On 12 November 2020, Illenko was elected chairman of the board of the Ukrainian Film Academy during its first meeting in a new composition, held online. Illenko, also a film producer, expressed gratitude to his colleagues for their trust and emphasised the shared mission of promoting Ukrainian cinema both domestically and internationally. His term, along with that of other board members, is set for two years.

== Filmography ==
In addition to his acting career, the film actor has played more than ten roles, appearing in films such as Forest Song. Mavka, The Legend of Princess Olga, Straw Bells, Swan Lake. Zone, Ave, Maria, A Small Journey to a Large Carousel, Prayer for Hetman Mazepa, and Hoverla. He also produced the feature films Prayer for Hetman Mazepa. New Version (directed by Y. Illienko, 2010) and Toloka (directed by M. Illienko, 2019), a short film Ideal Friend (directed by S. Alioshechkin, 2025).

== Political positions ==

=== Diversifying Ukrainian cinema ===
Illenko argued for a comprehensive and strategic approach to promoting Ukrainian cinema in 2016. He emphasised that film-production money alone is insufficient and advocated for further investment in promotion, cinema networks, film education, and the preservation of Ukraine's cinematic legacy. Illenko advocated legislation to recruit international producers and promote Ukraine as a filmmaking location, claiming that the domestic market is insufficient to sustain film production without government assistance.

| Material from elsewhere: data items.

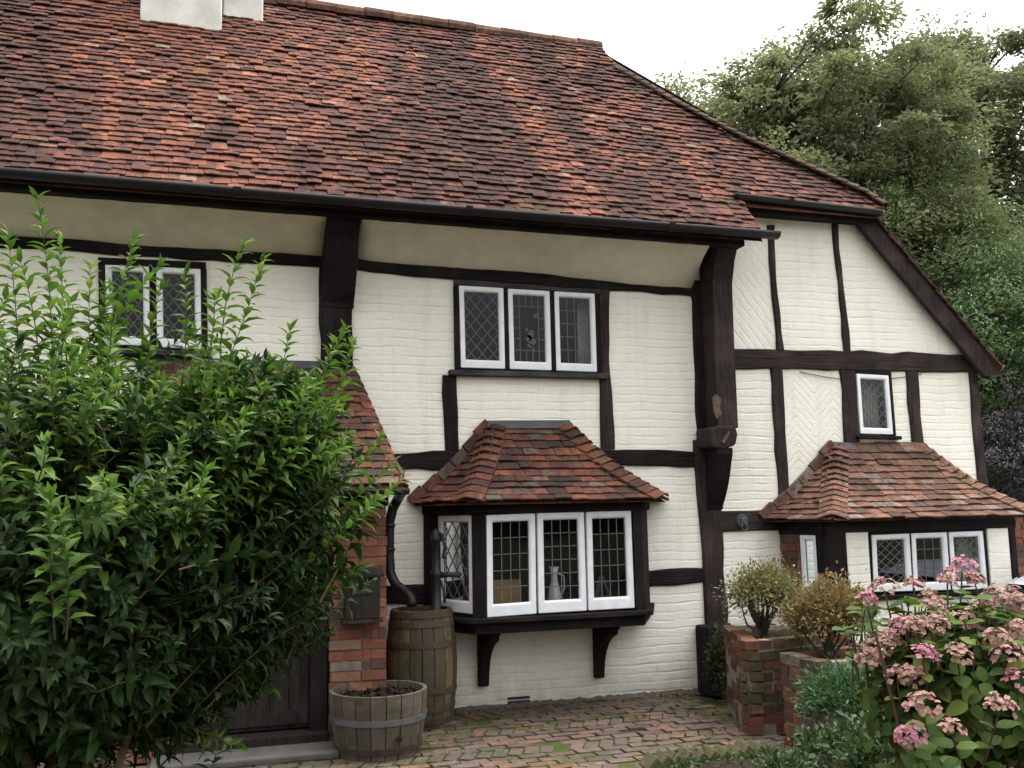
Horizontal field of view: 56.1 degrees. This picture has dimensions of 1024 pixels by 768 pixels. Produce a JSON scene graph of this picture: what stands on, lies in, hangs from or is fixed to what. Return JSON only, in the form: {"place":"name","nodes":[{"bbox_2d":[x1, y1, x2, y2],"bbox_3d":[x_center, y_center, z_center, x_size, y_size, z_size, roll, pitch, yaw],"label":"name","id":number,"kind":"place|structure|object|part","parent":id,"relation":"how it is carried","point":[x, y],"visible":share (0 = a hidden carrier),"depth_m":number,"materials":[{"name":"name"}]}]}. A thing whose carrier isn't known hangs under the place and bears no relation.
{"place":"outdoors","nodes":[
{"label":"outdoors","id":0,"kind":"place"},
{"bbox_2d":[38,695,791,767],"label":"brick path","id":1,"kind":"structure","parent":0,"point":[676,730],"depth_m":7.03,"materials":[{"name":"brown brick"}]},
{"bbox_2d":[0,186,412,767],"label":"shrub","id":2,"kind":"object","parent":1,"relation":"on","point":[121,629],"visible":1,"depth_m":3.67,"materials":[{"name":"green plant"}]},
{"bbox_2d":[329,680,426,762],"bbox_3d":[-0.931,2.348,6.704,0.680,0.430,0.684,1,-8,-17],"label":"half barrel tub","id":3,"kind":"object","parent":1,"relation":"on","point":[392,714],"visible":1,"depth_m":6.44,"materials":[{"name":"wood"}]},
{"bbox_2d":[430,721,455,728],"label":"support brick","id":4,"kind":"object","parent":1,"relation":"on","point":[451,724],"visible":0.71,"depth_m":7.38,"materials":[{"name":"brown brick"}]},
{"bbox_2d":[454,688,702,714],"bbox_3d":[0.287,2.708,8.134,2.920,0.052,0.111,1,-8,-17],"label":"dirt strip","id":5,"kind":"object","parent":1,"relation":"on","point":[469,709],"visible":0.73,"depth_m":8.23,"materials":[{"name":"brown soil"}]},
{"bbox_2d":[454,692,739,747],"bbox_3d":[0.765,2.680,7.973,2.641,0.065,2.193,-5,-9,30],"label":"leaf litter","id":6,"kind":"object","parent":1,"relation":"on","point":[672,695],"visible":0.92,"depth_m":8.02,"materials":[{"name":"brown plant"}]},
{"bbox_2d":[428,692,774,762],"bbox_3d":[0.671,2.616,7.329,2.647,0.045,1.977,1,-8,-17],"label":"moss and weeds","id":7,"kind":"object","parent":1,"relation":"on","point":[475,711],"visible":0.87,"depth_m":7.69,"materials":[{"name":"green plant"}]},
{"bbox_2d":[713,744,732,759],"bbox_3d":[1.369,2.433,6.245,0.139,0.140,0.198,0,-8,-11],"label":"edging brick","id":8,"kind":"object","parent":1,"relation":"on","point":[724,751],"visible":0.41,"depth_m":6.19,"materials":[{"name":"brown brick"}]},
{"bbox_2d":[725,743,749,758],"bbox_3d":[1.456,2.431,6.254,0.139,0.140,0.198,0,-8,-11],"label":"edging brick","id":9,"kind":"object","parent":1,"relation":"on","point":[733,748],"visible":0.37,"depth_m":6.21,"materials":[{"name":"brown brick"}]},
{"bbox_2d":[734,739,754,757],"bbox_3d":[1.528,2.425,6.315,0.139,0.140,0.198,0,-8,-11],"label":"edging brick","id":10,"kind":"object","parent":1,"relation":"on","point":[745,748],"visible":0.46,"depth_m":6.25,"materials":[{"name":"brown brick"}]},
{"bbox_2d":[747,739,768,757],"bbox_3d":[1.615,2.433,6.330,0.139,0.140,0.198,0,-8,-11],"label":"edging brick","id":11,"kind":"object","parent":1,"relation":"on","point":[753,744],"visible":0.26,"depth_m":6.29,"materials":[{"name":"brown brick"}]},
{"bbox_2d":[759,740,780,754],"bbox_3d":[1.699,2.446,6.351,0.139,0.140,0.198,0,-8,-11],"label":"edging brick","id":12,"kind":"object","parent":1,"relation":"on","point":[764,743],"visible":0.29,"depth_m":6.34,"materials":[{"name":"brown brick"}]},
{"bbox_2d":[723,623,845,735],"bbox_3d":[2.059,2.268,7.495,1.004,0.684,0.920,1,-8,-17],"label":"brick planter","id":13,"kind":"object","parent":1,"relation":"on","point":[754,697],"visible":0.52,"depth_m":7.03,"materials":[{"name":"brick"}]},
{"bbox_2d":[712,555,810,638],"bbox_3d":[1.989,1.649,7.475,0.796,0.635,0.785,1,-8,-17],"label":"variegated shrub","id":14,"kind":"object","parent":13,"relation":"on","point":[769,583],"visible":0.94,"depth_m":7.39,"materials":[{"name":"green plant"}]},
{"bbox_2d":[773,594,807,649],"bbox_3d":[2.047,1.746,7.030,0.246,0.404,0.299,1,-8,-17],"label":"yellow shrub","id":15,"kind":"object","parent":13,"relation":"on","point":[798,638],"visible":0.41,"depth_m":7.04,"materials":[{"name":"green plant"}]},
{"bbox_2d":[780,643,915,749],"bbox_3d":[2.353,2.193,6.727,0.919,0.635,0.690,1,-8,-17],"label":"brick planter","id":16,"kind":"object","parent":1,"relation":"on","point":[793,664],"visible":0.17,"depth_m":6.58,"materials":[{"name":"brick"}]},
{"bbox_2d":[769,560,887,658],"bbox_3d":[2.222,1.590,6.778,0.761,0.702,0.763,1,-8,-17],"label":"russet shrub","id":17,"kind":"object","parent":16,"relation":"on","point":[822,605],"visible":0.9,"depth_m":6.71,"materials":[{"name":"brown plant"}]},
{"bbox_2d":[594,575,611,596],"bbox_3d":[0.750,1.758,8.119,0.204,0.280,0.145,1,-8,-17],"label":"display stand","id":18,"kind":"object","parent":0,"point":[598,591],"visible":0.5,"depth_m":8.09,"materials":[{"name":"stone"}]},
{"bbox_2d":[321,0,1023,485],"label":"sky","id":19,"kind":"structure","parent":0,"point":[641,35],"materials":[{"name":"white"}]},
{"bbox_2d":[692,695,785,735],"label":"ground","id":20,"kind":"structure","parent":0,"point":[719,702],"depth_m":8.27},
{"bbox_2d":[0,0,1023,767],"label":"timber framed house","id":21,"kind":"structure","parent":20,"relation":"on","point":[452,222],"depth_m":8.56,"materials":[{"name":"paint"}]},
{"bbox_2d":[98,257,211,360],"bbox_3d":[-2.993,-0.528,8.149,0.878,0.825,1.097,1,-8,-17],"label":"window","id":22,"kind":"structure","parent":21,"relation":"in","point":[198,272],"depth_m":7.76,"materials":[{"name":"white paint"}]},
{"bbox_2d":[341,567,383,623],"bbox_3d":[-1.087,1.531,6.956,0.296,0.380,0.157,1,-8,-17],"label":"letterbox","id":23,"kind":"object","parent":21,"relation":"attached to","point":[368,611],"visible":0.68,"depth_m":6.91,"materials":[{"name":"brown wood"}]},
{"bbox_2d":[493,579,520,603],"bbox_3d":[-0.066,1.743,7.882,0.290,0.265,0.025,1,-8,-17],"label":"picture board","id":24,"kind":"object","parent":21,"relation":"on","point":[504,592],"visible":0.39,"depth_m":7.89,"materials":[{"name":"brown wood"}]},
{"bbox_2d":[448,279,608,379],"bbox_3d":[0.007,-0.417,9.040,1.473,0.858,1.097,1,-8,-17],"label":"window","id":25,"kind":"structure","parent":21,"relation":"in","point":[501,329],"depth_m":8.66,"materials":[{"name":"white paint"}]},
{"bbox_2d":[407,419,668,686],"bbox_3d":[0.368,1.385,8.039,2.408,2.240,0.882,1,-8,-17],"label":"bay window","id":26,"kind":"structure","parent":21,"relation":"in","point":[516,469],"depth_m":7.95,"materials":[{"name":"brown tile"}]},
{"bbox_2d":[548,566,564,599],"bbox_3d":[0.361,1.703,7.982,0.141,0.360,0.124,-4,-8,21],"label":"jug","id":27,"kind":"object","parent":21,"relation":"on","point":[556,591],"visible":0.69,"depth_m":7.96,"materials":[{"name":"grey ceramic"}]},
{"bbox_2d":[577,299,590,372],"bbox_3d":[0.680,-0.451,8.931,0.143,0.740,0.057,1,-8,-17],"label":"curtain","id":28,"kind":"object","parent":21,"relation":"hanging from","point":[585,344],"visible":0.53,"depth_m":8.92,"materials":[{"name":"grey fabric"}]},
{"bbox_2d":[736,514,748,530],"bbox_3d":[2.144,1.281,8.897,0.134,0.158,0.067,1,-8,-17],"label":"wall ornament","id":29,"kind":"object","parent":21,"relation":"attached to","point":[742,521],"depth_m":8.89,"materials":[{"name":"grey metal"}]},
{"bbox_2d":[860,379,880,435],"bbox_3d":[3.637,0.230,9.731,0.213,0.591,0.057,1,-8,-17],"label":"curtain","id":30,"kind":"object","parent":21,"relation":"hanging from","point":[869,403],"visible":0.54,"depth_m":9.72,"materials":[{"name":"grey fabric"}]},
{"bbox_2d":[855,371,901,439],"bbox_3d":[3.485,0.243,9.898,0.508,0.726,0.894,1,-8,-17],"label":"window","id":31,"kind":"structure","parent":21,"relation":"in","point":[887,429],"depth_m":9.54,"materials":[{"name":"white paint"}]},
{"bbox_2d":[758,440,1023,647],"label":"bay window","id":32,"kind":"structure","parent":21,"relation":"in","point":[897,511],"depth_m":8.87,"materials":[{"name":"brown tile"}]},
{"bbox_2d":[956,537,977,580],"bbox_3d":[4.299,1.660,9.040,0.243,0.511,0.056,1,-8,-17],"label":"curtain","id":33,"kind":"object","parent":21,"relation":"hanging from","point":[965,545],"visible":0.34,"depth_m":9.03,"materials":[{"name":"grey fabric"}]},
{"bbox_2d":[699,603,730,702],"bbox_3d":[1.836,2.329,8.314,0.382,0.861,0.404,5,-9,-37],"label":"ivy clump","id":34,"kind":"object","parent":20,"relation":"on","point":[716,661],"visible":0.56,"depth_m":8.28,"materials":[{"name":"green plant"}]},
{"bbox_2d":[667,36,888,177],"bbox_3d":[6.650,-1.694,25.139,7.204,13.841,7.709,-3,-8,17],"label":"broadleaf tree","id":35,"kind":"object","parent":20,"relation":"on","point":[707,100],"depth_m":24.67,"materials":[{"name":"green plant"}]},
{"bbox_2d":[643,0,1021,282],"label":"broadleaf tree","id":36,"kind":"object","parent":20,"relation":"on","point":[766,86],"visible":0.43,"depth_m":21.62,"materials":[{"name":"green plant"}]},
{"bbox_2d":[831,6,1023,489],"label":"broadleaf tree","id":37,"kind":"object","parent":20,"relation":"on","point":[1012,82],"visible":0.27,"depth_m":25.25,"materials":[{"name":"green plant"}]},
{"bbox_2d":[838,107,1023,398],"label":"broadleaf tree","id":38,"kind":"object","parent":20,"relation":"on","point":[898,217],"visible":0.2,"depth_m":20.29,"materials":[{"name":"green plant"}]},
{"bbox_2d":[918,232,1023,501],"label":"feathery tree","id":39,"kind":"object","parent":20,"relation":"on","point":[1014,311],"visible":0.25,"depth_m":18.00,"materials":[{"name":"green plant"}]},
{"bbox_2d":[955,153,1023,387],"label":"broadleaf tree","id":40,"kind":"object","parent":20,"relation":"on","point":[1018,196],"visible":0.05,"depth_m":24.07,"materials":[{"name":"green plant"}]},
{"bbox_2d":[981,370,1023,502],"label":"dark bush","id":41,"kind":"object","parent":20,"relation":"on","point":[1000,436],"visible":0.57,"depth_m":15.99,"materials":[{"name":"purple plant"}]},
{"bbox_2d":[1015,517,1023,577],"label":"garden wall","id":42,"kind":"structure","parent":20,"relation":"on","point":[1019,531],"depth_m":10.13,"materials":[{"name":"brick"}]},
{"bbox_2d":[672,749,1012,767],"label":"flower bed","id":43,"kind":"object","parent":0,"point":[746,763],"visible":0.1,"depth_m":5.92,"materials":[{"name":"soil"}]},
{"bbox_2d":[639,751,666,767],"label":"edging brick","id":44,"kind":"object","parent":43,"relation":"on","point":[649,760],"visible":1,"depth_m":6.04,"materials":[{"name":"brown brick"}]},
{"bbox_2d":[654,749,678,767],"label":"edging brick","id":45,"kind":"object","parent":43,"relation":"on","point":[663,757],"visible":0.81,"depth_m":6.05,"materials":[{"name":"brown brick"}]},
{"bbox_2d":[666,749,683,765],"bbox_3d":[1.044,2.432,6.159,0.139,0.140,0.198,0,-8,-11],"label":"edging brick","id":46,"kind":"object","parent":43,"relation":"on","point":[669,752],"visible":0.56,"depth_m":6.11,"materials":[{"name":"brown brick"}]},
{"bbox_2d":[677,745,696,766],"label":"edging brick","id":47,"kind":"object","parent":43,"relation":"on","point":[689,753],"visible":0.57,"depth_m":6.12,"materials":[{"name":"brown brick"}]},
{"bbox_2d":[690,745,712,763],"bbox_3d":[1.209,2.422,6.191,0.139,0.140,0.198,0,-8,-11],"label":"edging brick","id":48,"kind":"object","parent":43,"relation":"on","point":[699,755],"visible":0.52,"depth_m":6.12,"materials":[{"name":"brown brick"}]},
{"bbox_2d":[701,744,721,760],"bbox_3d":[1.288,2.424,6.221,0.139,0.140,0.198,0,-8,-11],"label":"edging brick","id":49,"kind":"object","parent":43,"relation":"on","point":[711,751],"visible":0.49,"depth_m":6.16,"materials":[{"name":"brown brick"}]},
{"bbox_2d":[667,739,839,767],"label":"ground cover","id":50,"kind":"object","parent":43,"relation":"on","point":[754,756],"visible":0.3,"depth_m":6.04,"materials":[{"name":"green plant"}]},
{"bbox_2d":[750,745,827,767],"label":"bedding plant","id":51,"kind":"object","parent":43,"relation":"on","point":[792,760],"visible":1,"depth_m":4.91,"materials":[{"name":"green plant"}]},
{"bbox_2d":[787,720,857,767],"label":"bedding plant","id":52,"kind":"object","parent":43,"relation":"on","point":[808,741],"visible":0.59,"depth_m":5.17,"materials":[{"name":"green plant"}]},
{"bbox_2d":[788,651,895,764],"bbox_3d":[2.047,1.990,5.819,0.719,0.697,0.659,-8,-10,43],"label":"ferny plant","id":53,"kind":"object","parent":43,"relation":"on","point":[833,692],"visible":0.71,"depth_m":5.80,"materials":[{"name":"green plant"}]},
{"bbox_2d":[817,708,884,760],"bbox_3d":[1.668,1.852,4.583,0.407,0.648,0.500,1,-8,-17],"label":"bedding plant","id":54,"kind":"object","parent":43,"relation":"on","point":[833,731],"visible":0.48,"depth_m":4.63,"materials":[{"name":"green plant"}]},
{"bbox_2d":[819,716,903,767],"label":"bedding plant","id":55,"kind":"object","parent":43,"relation":"on","point":[862,758],"visible":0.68,"depth_m":3.92,"materials":[{"name":"green plant"}]},
{"bbox_2d":[832,554,1023,767],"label":"hydrangea","id":56,"kind":"object","parent":43,"relation":"on","point":[956,681],"visible":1,"depth_m":3.10,"materials":[{"name":"pink plant"}]},
{"bbox_2d":[997,576,1023,624],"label":"parked car","id":57,"kind":"object","parent":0,"point":[1018,581],"visible":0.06,"depth_m":8.67,"materials":[{"name":"silver metal"}]},
{"bbox_3d":[5.828,1.900,8.400,2.652,0.505,1.566,1,-8,-17],"label":"window","id":58,"kind":"part","parent":57,"relation":"part of","materials":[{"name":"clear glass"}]},
{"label":"support brick","id":59,"kind":"object","parent":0,"visible":0},
{"bbox_2d":[386,605,456,726],"bbox_3d":[-0.714,2.214,7.593,0.563,0.860,0.561,1,-8,-17],"label":"water barrel","id":60,"kind":"object","parent":59,"relation":"on","point":[421,642],"visible":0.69,"depth_m":7.39,"materials":[{"name":"brown wood"}]},
{"bbox_2d":[430,529,462,610],"bbox_3d":[-0.536,1.499,7.705,0.268,0.670,0.120,-3,-8,13],"label":"hand pump","id":61,"kind":"object","parent":60,"relation":"on","point":[436,539],"visible":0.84,"depth_m":7.70,"materials":[{"name":"metal"}]}
]}

He advocated for genre variety, particularly underrepresented genres such as black comedy, and promoted mainstream and co-productions with overseas partners. While acknowledging the particular appeal of art house films, he stressed the importance of explicit genre targeting to match audience expectations and increase market success. Illenko also pushed for more exposure of Ukrainian cinema in the media and on television, but acknowledged that art-house programming is more suited to cinemas or internet platforms than mainstream television.

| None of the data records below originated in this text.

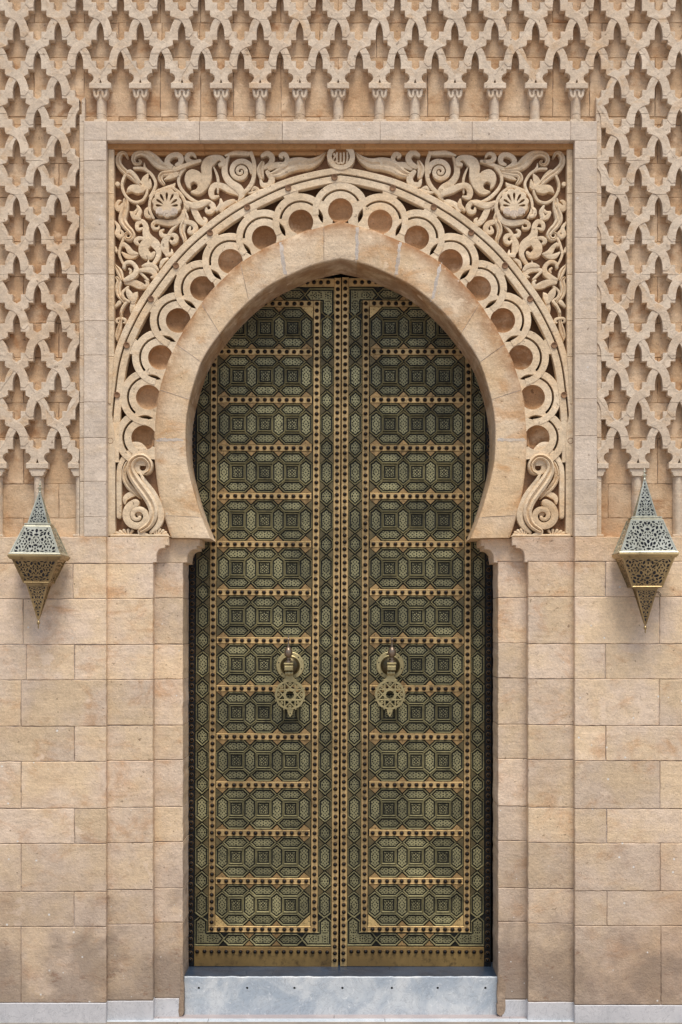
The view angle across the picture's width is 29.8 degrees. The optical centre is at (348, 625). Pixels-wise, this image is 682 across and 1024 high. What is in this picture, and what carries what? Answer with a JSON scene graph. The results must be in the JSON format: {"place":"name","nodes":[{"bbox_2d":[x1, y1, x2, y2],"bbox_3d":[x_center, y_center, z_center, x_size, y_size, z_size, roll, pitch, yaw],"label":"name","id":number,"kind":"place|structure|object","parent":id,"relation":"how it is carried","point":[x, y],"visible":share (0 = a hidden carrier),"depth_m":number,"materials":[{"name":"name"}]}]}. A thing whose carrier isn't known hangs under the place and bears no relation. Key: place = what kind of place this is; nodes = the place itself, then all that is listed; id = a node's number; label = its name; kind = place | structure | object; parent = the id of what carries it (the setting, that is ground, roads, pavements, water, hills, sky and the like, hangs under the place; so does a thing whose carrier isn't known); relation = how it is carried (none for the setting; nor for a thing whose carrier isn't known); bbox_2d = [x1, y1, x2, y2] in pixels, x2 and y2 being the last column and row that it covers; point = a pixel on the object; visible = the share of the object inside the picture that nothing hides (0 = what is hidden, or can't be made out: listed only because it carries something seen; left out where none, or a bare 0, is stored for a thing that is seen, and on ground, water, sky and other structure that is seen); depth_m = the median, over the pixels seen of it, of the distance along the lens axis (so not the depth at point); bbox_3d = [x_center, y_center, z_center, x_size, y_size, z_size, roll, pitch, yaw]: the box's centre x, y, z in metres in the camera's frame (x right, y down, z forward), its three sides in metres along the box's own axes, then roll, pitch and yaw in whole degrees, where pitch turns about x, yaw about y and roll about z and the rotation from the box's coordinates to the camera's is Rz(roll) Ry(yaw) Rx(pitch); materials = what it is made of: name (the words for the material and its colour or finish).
{"place":"outdoors","nodes":[
{"label":"outdoors","id":0,"kind":"place"},
{"bbox_2d":[0,1014,681,1023],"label":"ground","id":1,"kind":"structure","parent":0,"point":[340,1019],"depth_m":9.05,"materials":[{"name":"grey stone"}]},
{"bbox_2d":[0,537,107,1022],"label":"sandstone wall","id":2,"kind":"structure","parent":1,"relation":"on","point":[53,822],"depth_m":9.00,"materials":[{"name":"beige stone"}]},
{"bbox_2d":[7,482,69,628],"bbox_3d":[-2.133,-0.490,8.867,0.368,1.020,0.307,1,0,2],"label":"hanging lantern","id":3,"kind":"object","parent":2,"relation":"hanging from","point":[38,555],"visible":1,"depth_m":8.77,"materials":[{"name":"silver metal"}]},
{"bbox_2d":[0,70,83,536],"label":"carved lattice panel","id":4,"kind":"object","parent":2,"relation":"on","point":[42,303],"visible":0.97,"depth_m":9.02,"materials":[{"name":"stone"}]},
{"bbox_2d":[84,121,596,536],"bbox_3d":[-0.054,-2.089,9.250,3.610,2.922,0.500,0,0,0],"label":"portal frame","id":5,"kind":"object","parent":2,"relation":"on","point":[100,136],"visible":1,"depth_m":9.00,"materials":[{"name":"stone"}]},
{"bbox_2d":[108,144,339,416],"bbox_3d":[-0.892,-2.318,9.197,1.676,2.302,0.274,0,0,0],"label":"carved spandrel","id":6,"kind":"object","parent":5,"relation":"attached to","point":[166,202],"visible":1,"depth_m":9.09,"materials":[{"name":"brown stone"}]},
{"bbox_2d":[108,149,572,465],"bbox_3d":[-0.054,-2.022,9.182,3.351,2.805,0.236,0,0,0],"label":"scalloped arch band","id":7,"kind":"object","parent":5,"relation":"attached to","point":[210,255],"visible":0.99,"depth_m":9.08,"materials":[{"name":"brown stone"}]},
{"bbox_2d":[0,0,681,124],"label":"carved frieze","id":8,"kind":"object","parent":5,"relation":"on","point":[335,60],"visible":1,"depth_m":9.06,"materials":[{"name":"stone"}]},
{"bbox_2d":[340,144,572,416],"bbox_3d":[0.783,-2.318,9.197,1.676,2.302,0.274,0,0,0],"label":"carved spandrel","id":9,"kind":"object","parent":5,"relation":"attached to","point":[514,202],"visible":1,"depth_m":9.09,"materials":[{"name":"brown stone"}]},
{"bbox_2d":[107,537,170,1019],"bbox_3d":[-1.493,1.109,9.121,0.451,3.470,0.138,0,0,0],"label":"stone pilaster","id":10,"kind":"object","parent":1,"relation":"on","point":[132,561],"visible":1,"depth_m":9.05,"materials":[{"name":"stone"}]},
{"bbox_2d":[108,404,170,537],"bbox_3d":[-1.482,-1.106,9.117,0.451,0.965,0.134,0,0,0],"label":"scroll bracket","id":11,"kind":"object","parent":10,"relation":"on","point":[135,508],"visible":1,"depth_m":9.07,"materials":[{"name":"brown stone"}]},
{"bbox_2d":[154,538,204,1016],"bbox_3d":[-1.231,1.121,9.303,0.344,3.497,0.334,0,0,0],"label":"door jamb","id":12,"kind":"object","parent":1,"relation":"on","point":[171,741],"depth_m":9.14,"materials":[{"name":"stone"}]},
{"bbox_2d":[154,221,526,541],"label":"horseshoe arch","id":13,"kind":"structure","parent":12,"relation":"on","point":[240,294],"depth_m":9.07,"materials":[{"name":"stone"}]},
{"bbox_2d":[184,962,496,1014],"bbox_3d":[-0.051,2.665,9.393,2.271,0.298,0.415,0,0,0],"label":"marble step","id":14,"kind":"object","parent":1,"relation":"on","point":[338,990],"visible":0.97,"depth_m":9.19,"materials":[{"name":"white stone"}]},
{"bbox_2d":[188,278,340,966],"bbox_3d":[-0.621,-0.029,9.449,1.118,5.103,0.202,0,0,0],"label":"door leaf","id":15,"kind":"object","parent":14,"relation":"on","point":[263,705],"visible":0.96,"depth_m":9.47,"materials":[{"name":"green metal"}]},
{"bbox_2d":[340,277,491,966],"bbox_3d":[0.506,-0.029,9.449,1.118,5.103,0.202,0,0,0],"label":"door leaf","id":16,"kind":"object","parent":14,"relation":"on","point":[416,723],"visible":0.94,"depth_m":9.47,"materials":[{"name":"green metal"}]},
{"bbox_2d":[188,274,493,961],"bbox_3d":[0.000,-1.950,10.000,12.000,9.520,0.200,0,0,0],"label":"door frame","id":17,"kind":"structure","parent":1,"relation":"on","point":[338,276],"depth_m":9.90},
{"bbox_2d":[476,538,526,1016],"bbox_3d":[1.121,1.121,9.303,0.343,3.496,0.334,0,0,0],"label":"door jamb","id":18,"kind":"object","parent":1,"relation":"on","point":[505,558],"depth_m":9.14,"materials":[{"name":"stone"}]},
{"bbox_2d":[510,537,573,1020],"bbox_3d":[1.385,1.109,9.121,0.451,3.470,0.138,0,0,0],"label":"stone pilaster","id":19,"kind":"object","parent":1,"relation":"on","point":[549,765],"visible":0.99,"depth_m":9.06,"materials":[{"name":"stone"}]},
{"bbox_2d":[510,404,572,537],"bbox_3d":[1.373,-1.106,9.117,0.451,0.965,0.134,0,0,0],"label":"scroll bracket","id":20,"kind":"object","parent":19,"relation":"on","point":[545,508],"visible":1,"depth_m":9.07,"materials":[{"name":"brown stone"}]},
{"bbox_2d":[573,537,681,1022],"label":"sandstone wall","id":21,"kind":"structure","parent":1,"relation":"on","point":[627,820],"depth_m":9.00,"materials":[{"name":"beige stone"}]},
{"bbox_2d":[597,70,681,536],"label":"carved lattice panel","id":22,"kind":"object","parent":21,"relation":"on","point":[639,298],"visible":0.96,"depth_m":9.02,"materials":[{"name":"stone"}]},
{"bbox_2d":[612,468,678,632],"bbox_3d":[2.052,-0.521,8.879,0.408,1.146,0.282,0,0,-1],"label":"hanging lantern","id":23,"kind":"object","parent":21,"relation":"hanging from","point":[645,553],"visible":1,"depth_m":8.78,"materials":[{"name":"silver metal"}]}
]}

=== Support for Oleh Sentsov ===
Ukrainian filmmakers, including Illenko, supported imprisoned director Oleh Sentsov by reading his stories as part of the "Vloud" campaign, aimed at raising awareness of his hunger strike for the release of Ukrainian political prisoners in Russia. Despite international appeals, including from the Council of Europe, the Kremlin rejected calls for his pardon.

== Personal life ==
Illenko is married to Eugenia, and they have two sons: Georgy, born in 2008, and Svyatoslav, born in 2010.

According to his 2017 declaration, Illenko does not own any real estate personally but shares ownership of an apartment in Kyiv with his brother and mother. His mother also owns two plots of land in Kyiv and the Chernihiv Oblast, as well as a country house in the capital. Two Mazda cars are registered in her name, while Illenko himself drives a GAZ 2705 and a Honda motorcycle. His wife owns a Toyota RAV4. That year, Illenko earned ₴161,000, had no bank accounts, and declared ₴15,000 in cash.